AIM OF THE EXERCISE
The data below is to be transcribed word for word; pictures are to be excluded.

RECORDS TO USE
▬▬▬▬▬▬▬▬▬▬

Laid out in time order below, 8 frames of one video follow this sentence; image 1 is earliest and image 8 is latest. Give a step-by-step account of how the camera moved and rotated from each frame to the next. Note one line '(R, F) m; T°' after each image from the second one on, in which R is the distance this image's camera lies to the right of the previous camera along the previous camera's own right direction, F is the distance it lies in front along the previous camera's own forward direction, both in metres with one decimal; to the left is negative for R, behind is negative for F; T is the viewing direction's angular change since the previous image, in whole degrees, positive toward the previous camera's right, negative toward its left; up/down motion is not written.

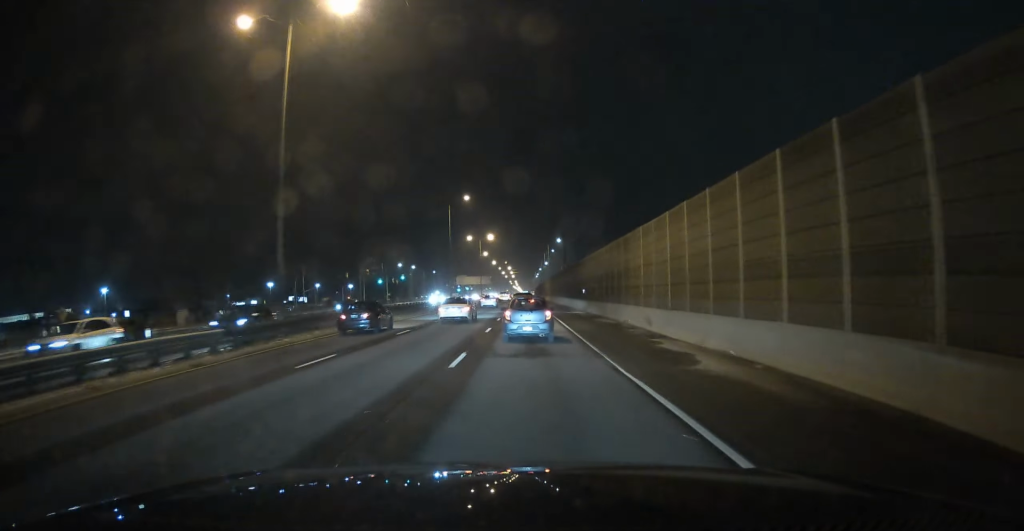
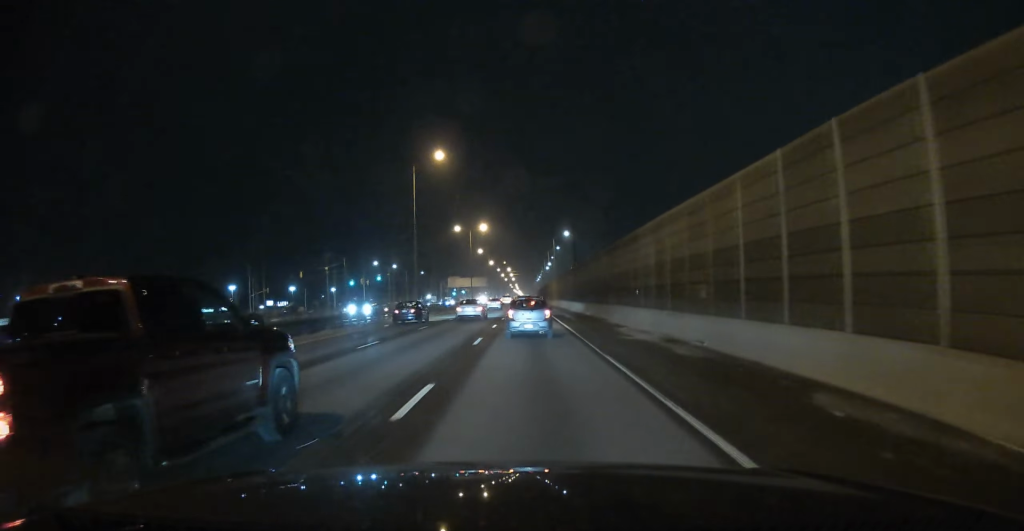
(0.0, +31.5) m; 0°
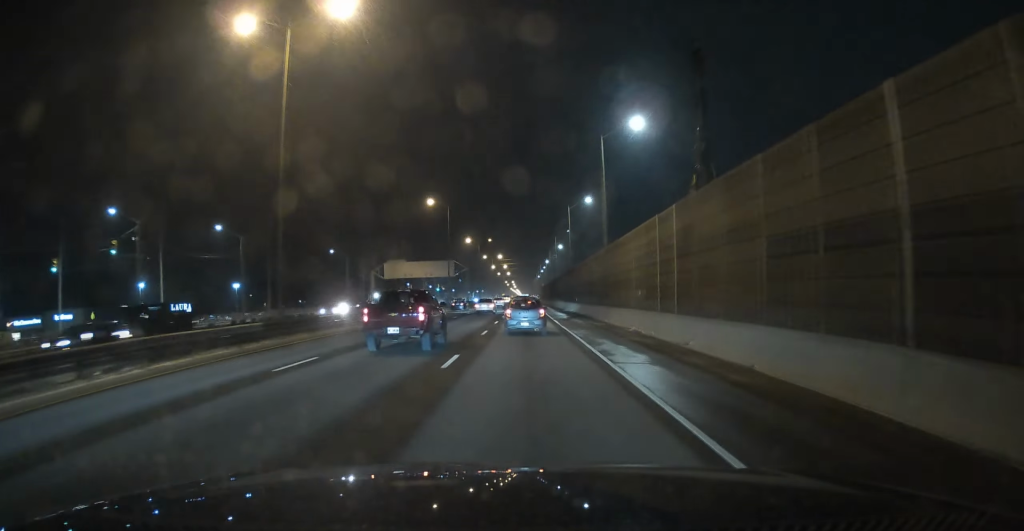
(+0.6, +100.2) m; 0°
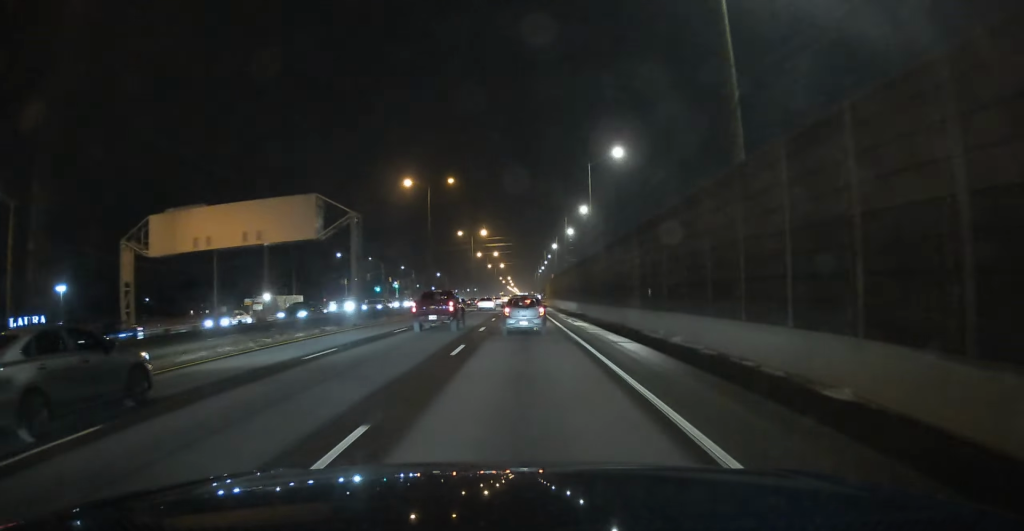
(-0.1, +79.9) m; 0°
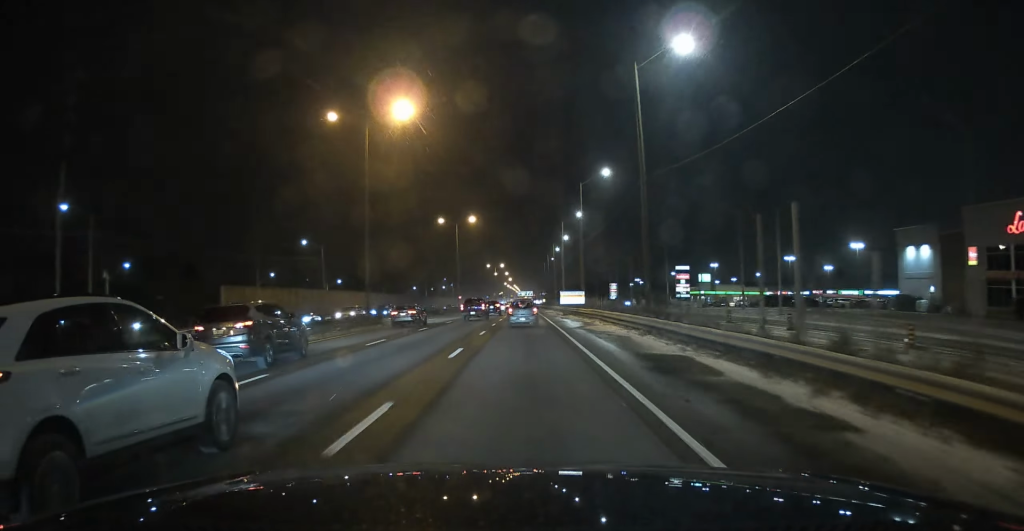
(-1.1, +167.5) m; -1°
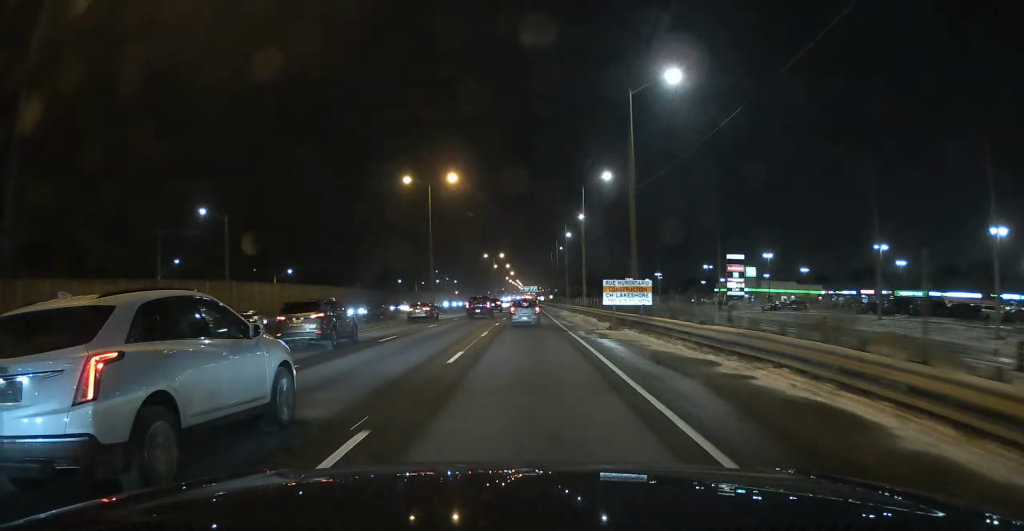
(-0.1, +34.3) m; 0°
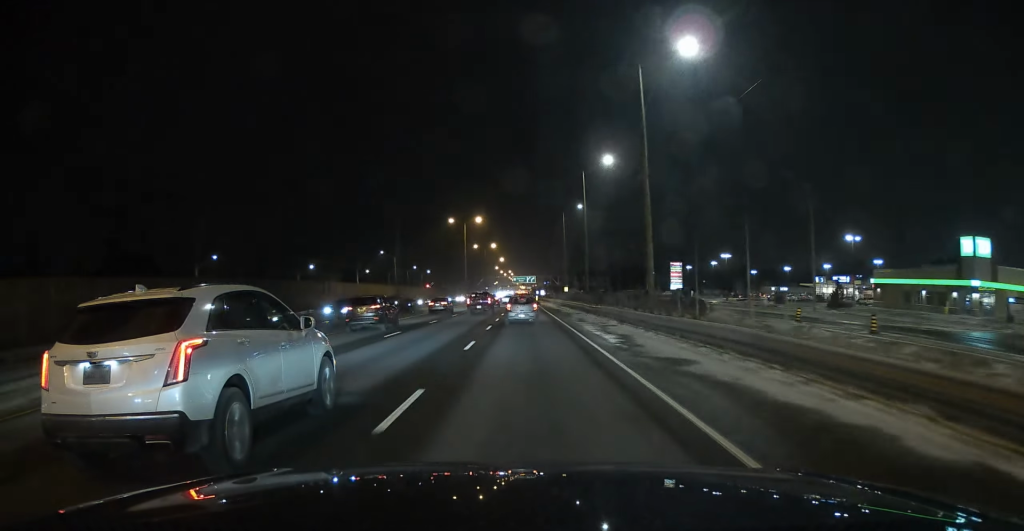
(-0.1, +82.3) m; 0°
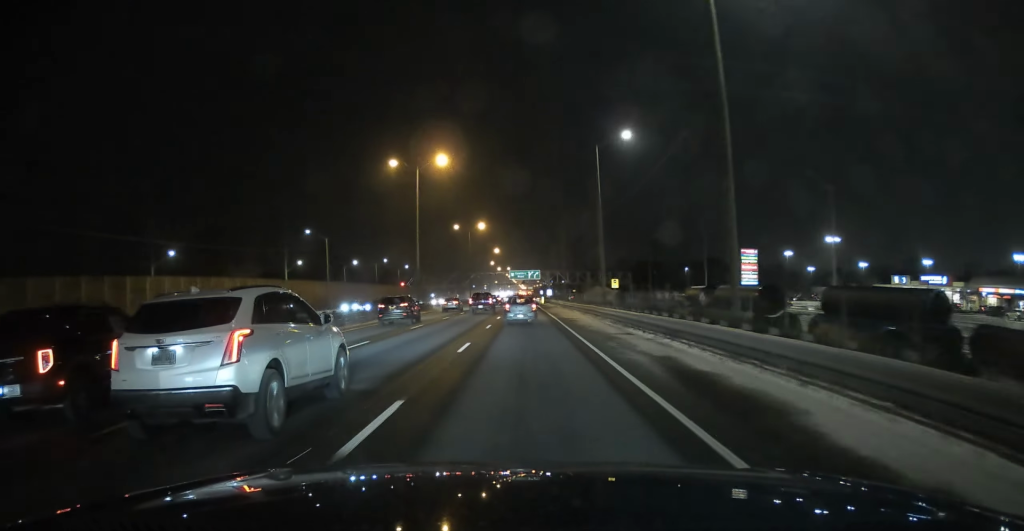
(0.0, +54.1) m; 0°

▬▬▬▬▬▬▬▬▬▬

SOLVED EXERCISE
Laid out in time order below, 8 frames of one video follow this sentence; image 1 is earliest and image 8 is latest. Give a step-by-step account of how the camera moved and rotated from each frame to the next. Note one line '(R, F) m; T°' after each image from the second one on, in which R is the distance this image's camera lies to the right of the previous camera along the previous camera's own right direction, F is the distance it lies in front along the previous camera's own forward direction, both in metres with one decimal; to the left is negative for R, behind is negative for F; T is the viewing direction's angular change since the previous image, in whole degrees, positive toward the previous camera's right, negative toward its left; up/down motion is not written.

(0.0, +31.5) m; 0°
(+0.6, +100.2) m; 0°
(-0.1, +79.9) m; 0°
(-1.1, +167.5) m; -1°
(-0.1, +34.3) m; 0°
(-0.1, +82.3) m; 0°
(0.0, +54.1) m; 0°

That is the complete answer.